Open in GitHub Codespaces

A recursive implementation of the Hierarchical Risk Parity (hrp) approach by Marcos Lopez de Prado. We take heavily advantage of the scipy.cluster.hierarchy package.

Here's a simple example

import pandas as pd
from pyhrp.hrp import dist, linkage, tree, _hrp

prices = pd.read_csv("test/resources/stock_prices.csv", index_col=0, parse_dates=True)

returns = prices.pct_change().dropna(axis=0, how="all")
cov, cor = returns.cov(), returns.corr()
links = linkage(dist(cor.values), method='ward')
node = tree(links)

rootcluster = _hrp(node, cov)

ax = dendrogram(links, orientation="left")
ax.get_figure().savefig("dendrogram.png")

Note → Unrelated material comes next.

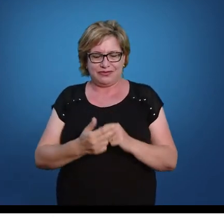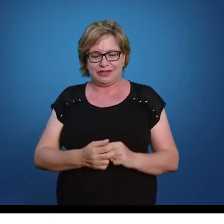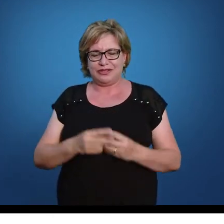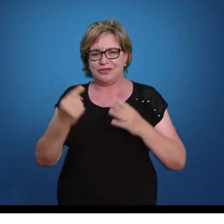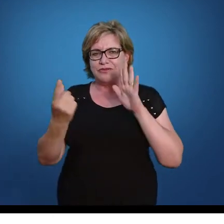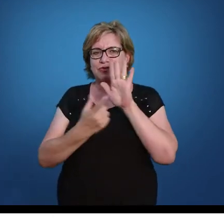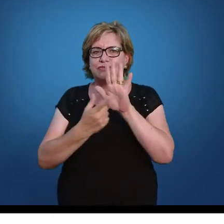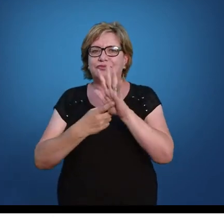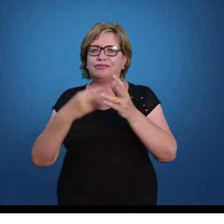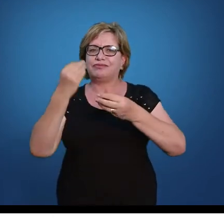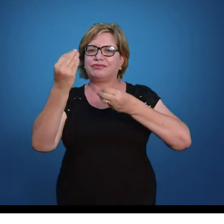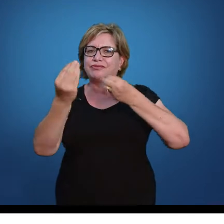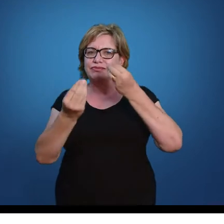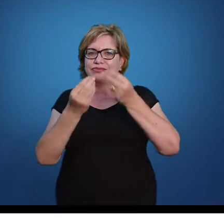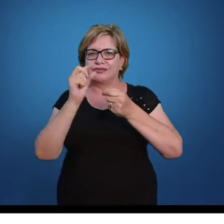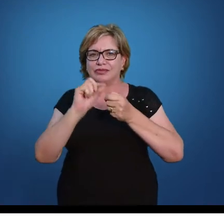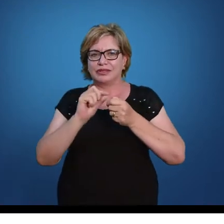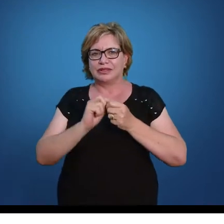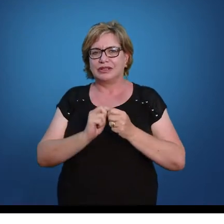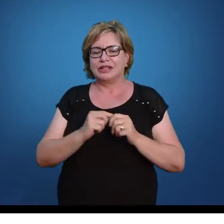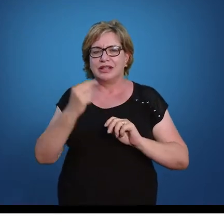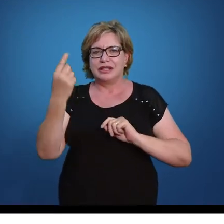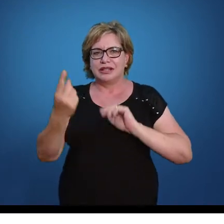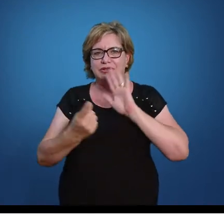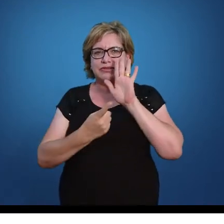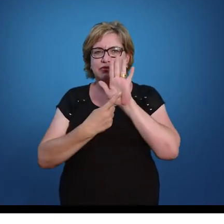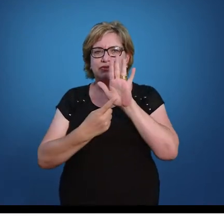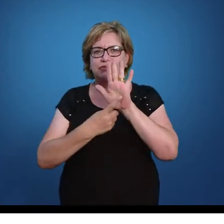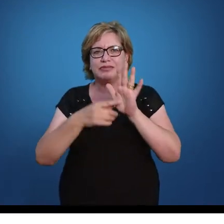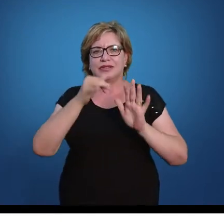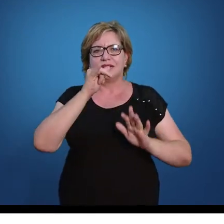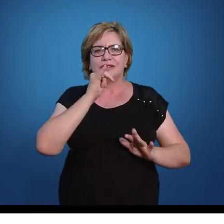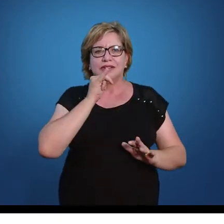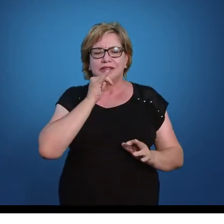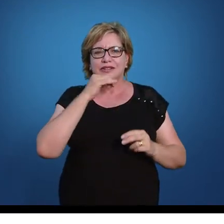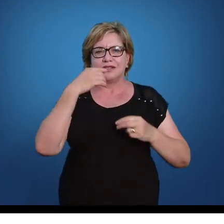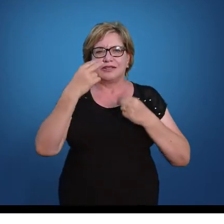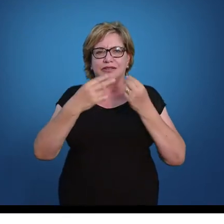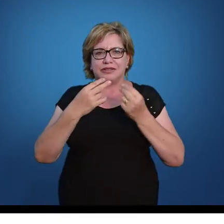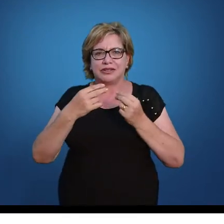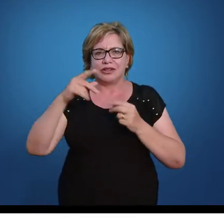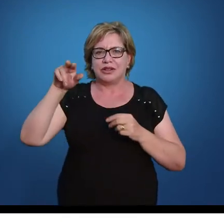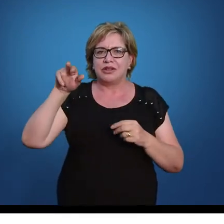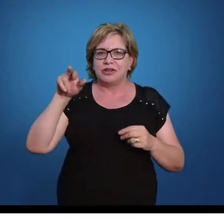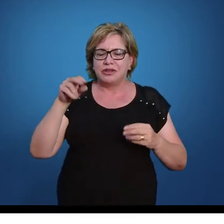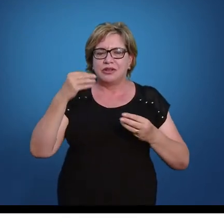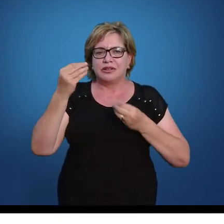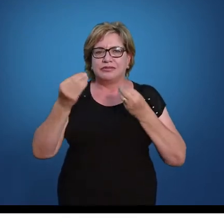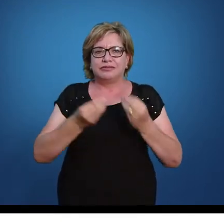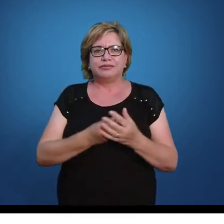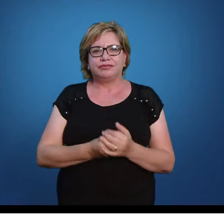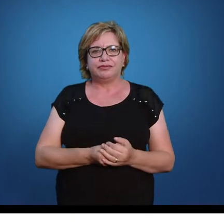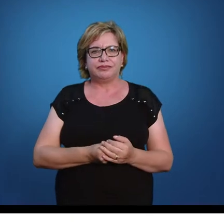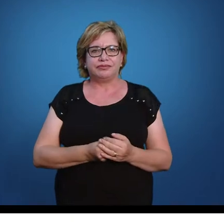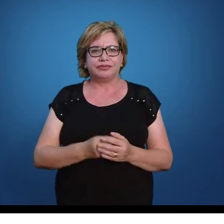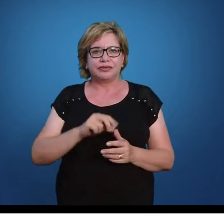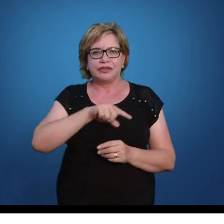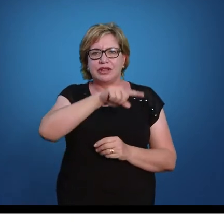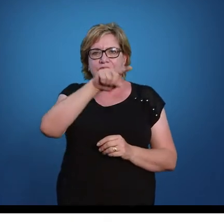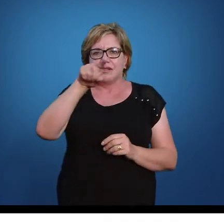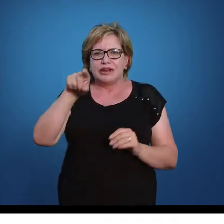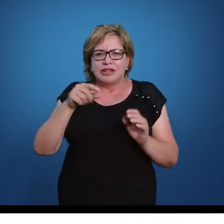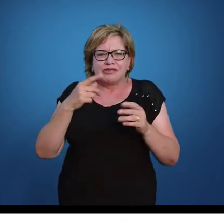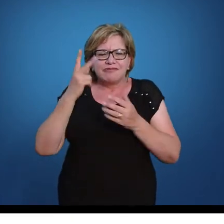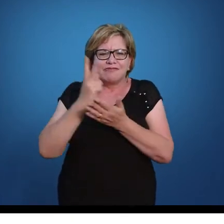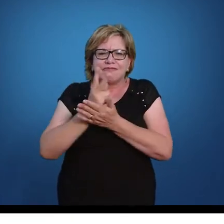mostrar como resolver ela. Vou dar um exemplo também da ideia do sinal de igual, da igualdade. E você vai buscar a

For your convenience you can bypass the construction of the covariance and correlation matrix, the links and the node, e.g. the root of the tree (dendrogram).

import pandas as pd
from pyhrp.hrp import hrp

prices = pd.read_csv("test/resources/stock_prices.csv", index_col=0, parse_dates=True)
root = hrp(prices=prices)

You may expect a weight series here but instead the hrp function returns a Cluster object. The Cluster simplifies all further post-analysis.

print(cluster.weights)
print(cluster.variance)
# You can drill into the graph by going downstream
print(cluster.left)
print(cluster.right)

uv

You need to install task. Starting with

task simulator:install

will install uv and create the virtual environment defined in pyproject.toml and locked in uv.lock.

marimo

We install marimo on the fly within the aforementioned virtual environment. Executing

task simulator:marimo

will install and start marimo.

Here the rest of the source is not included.